From shed-jools to vitamins, even the smartest AIs struggle to keep up with how English is spoken around the world. The reason? Speech models aren’t trained on all English equally.
Speech AI now powers your Zoom meetings, call centers, captions, classrooms, and health apps. But these tools are overwhelmingly trained on standard American English and it shows. A Stanford-led study found that African-American speech had nearly double the word error rate (35%) compared to white American speech (19%). A separate global benchmark showed that accents from India, Britain, and France had up to 49% more errors compared to American-accented input.
Even OpenAI’s Whisper, one of the best available today, still performs better on U.S. English than on British or Australian. Meanwhile, platforms like Siri and Alexa have long struggled with Irish and Scottish accents, prompting users to change how they speak just to be understood.
This isn’t about funny mishearings, it’s about fairness, inclusion, education, and opportunity. When your accent isn’t recognized, your message often isn’t either.
And the systems aren’t being rude. They’re just undertrained.
Until models are exposed to a wider range of global speech, millions of users will keep getting subtly sidelined by systems that just don’t “hear” them.

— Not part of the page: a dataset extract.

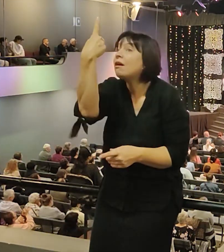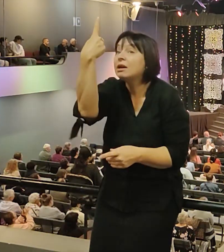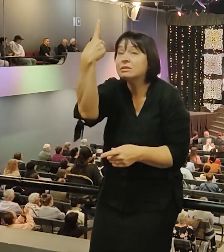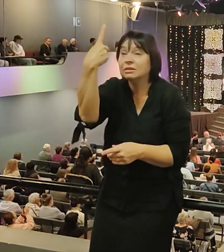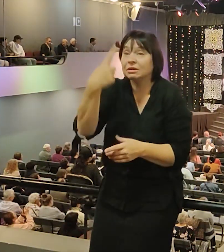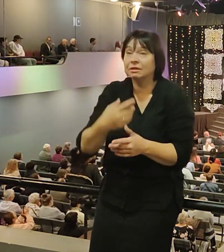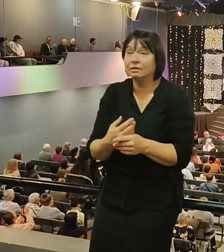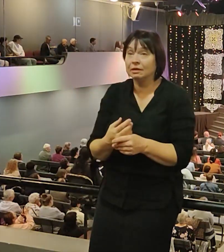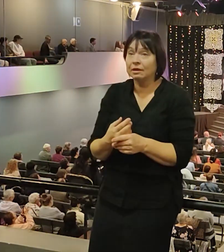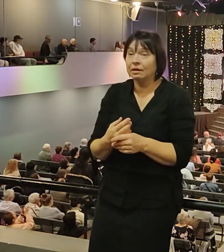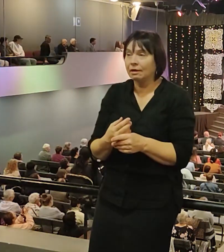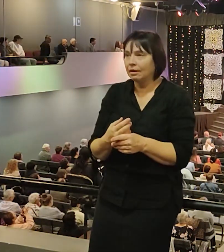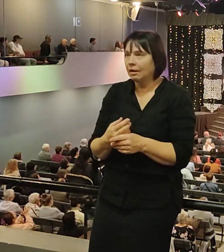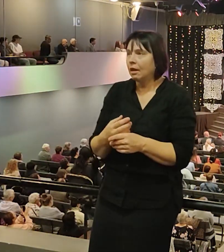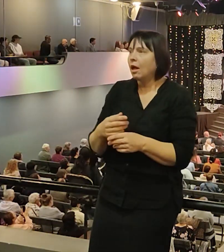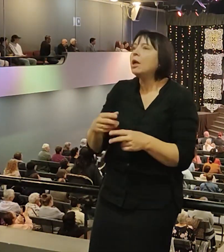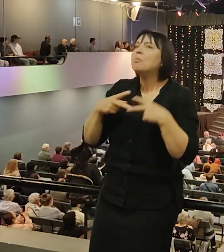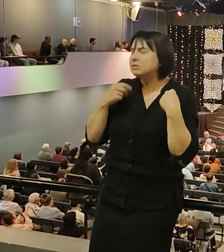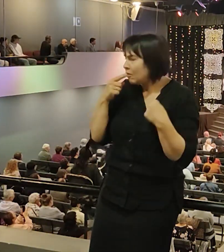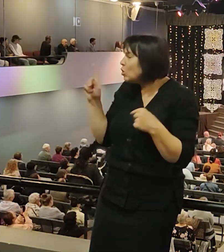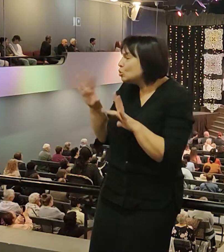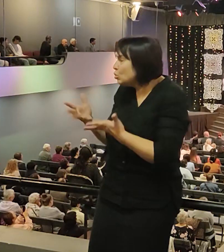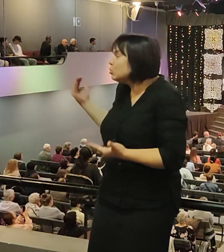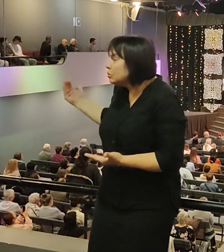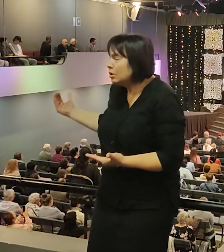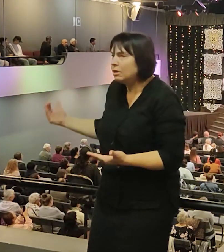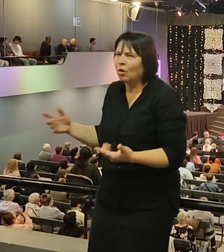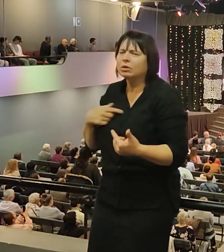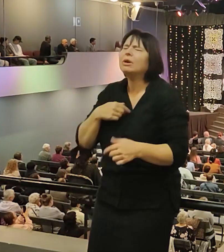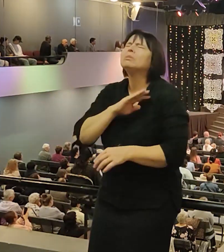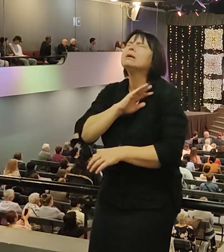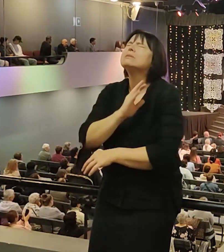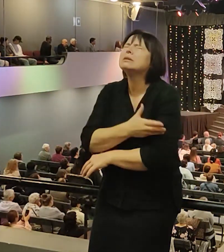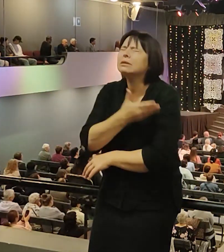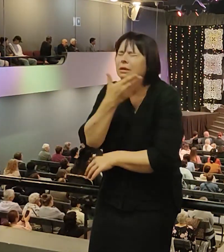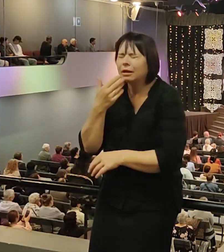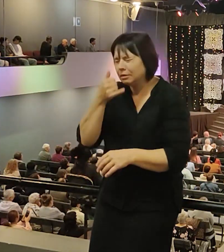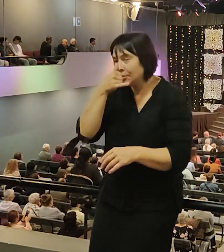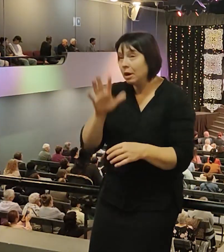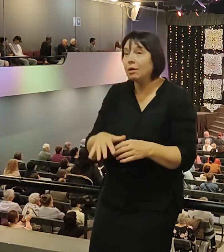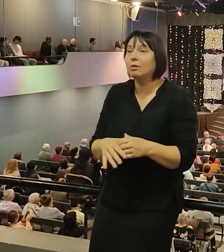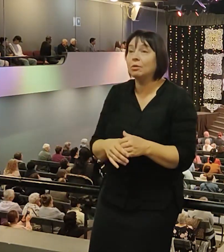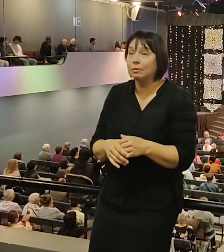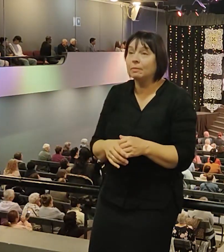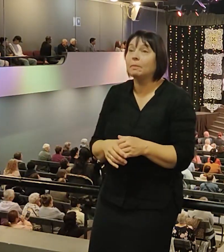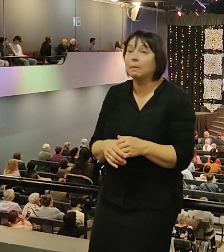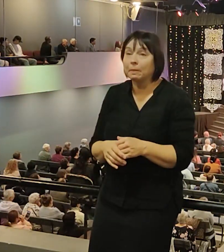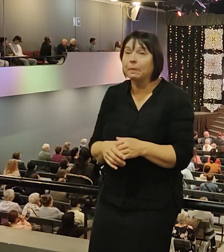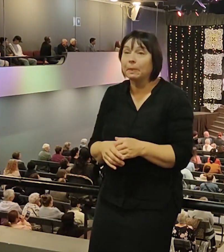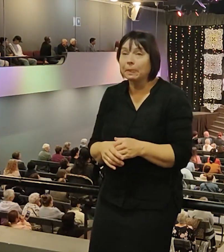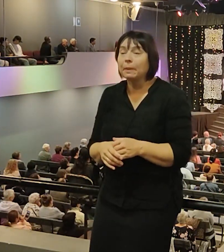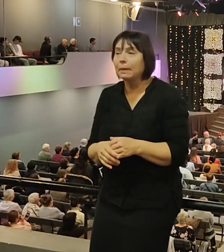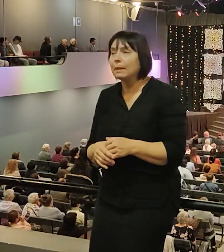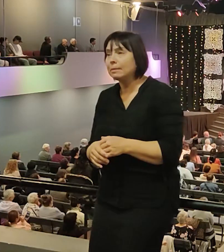Мне говорят, братья, что с тобой? У тебя язык уже заплетается. говорю, сил нету, не могу я. Бог не исцеляет меня. Я живу с удовольствием на этой земле.

Why AI Still Trips Over Accents
Even today’s most advanced speech systems struggle to understand all accents equally well. Despite impressive improvements, multiple studies show consistent accent bias, particularly against non-American and non-standard dialects.
The Data: Bias in the Benchmarks
As mentioned above, a Stanford-led evaluation (Koenecke et al., 2020) of five major ASR systems—Google, Apple, IBM, Microsoft, and Amazon, found that transcripts for African American Vernacular English had a 35% word error rate (WER), nearly double the 19% for white American speakers.
In a larger audit spanning 2,700 speakers across five continents, DiChristofano et al. (2023) found WER gaps ranging from 2–12% for non-American accents, translating to up to 49% relative error. Indian, French, and Southeast Asian-accented English were among the hardest hit.
Even among native speakers, bias persists. OpenAI’s Whisper performs far better on American English than on British or Australian varieties (Graham & Roll, 2024). UK studies show that “prestige” accents like Received Pronunciation are recognized more accurately than regional dialects (Markl, 2022).
Why It Happens
Most speech models are trained predominantly on American data. As a result, the burden of intelligibility often falls on the speaker not the system.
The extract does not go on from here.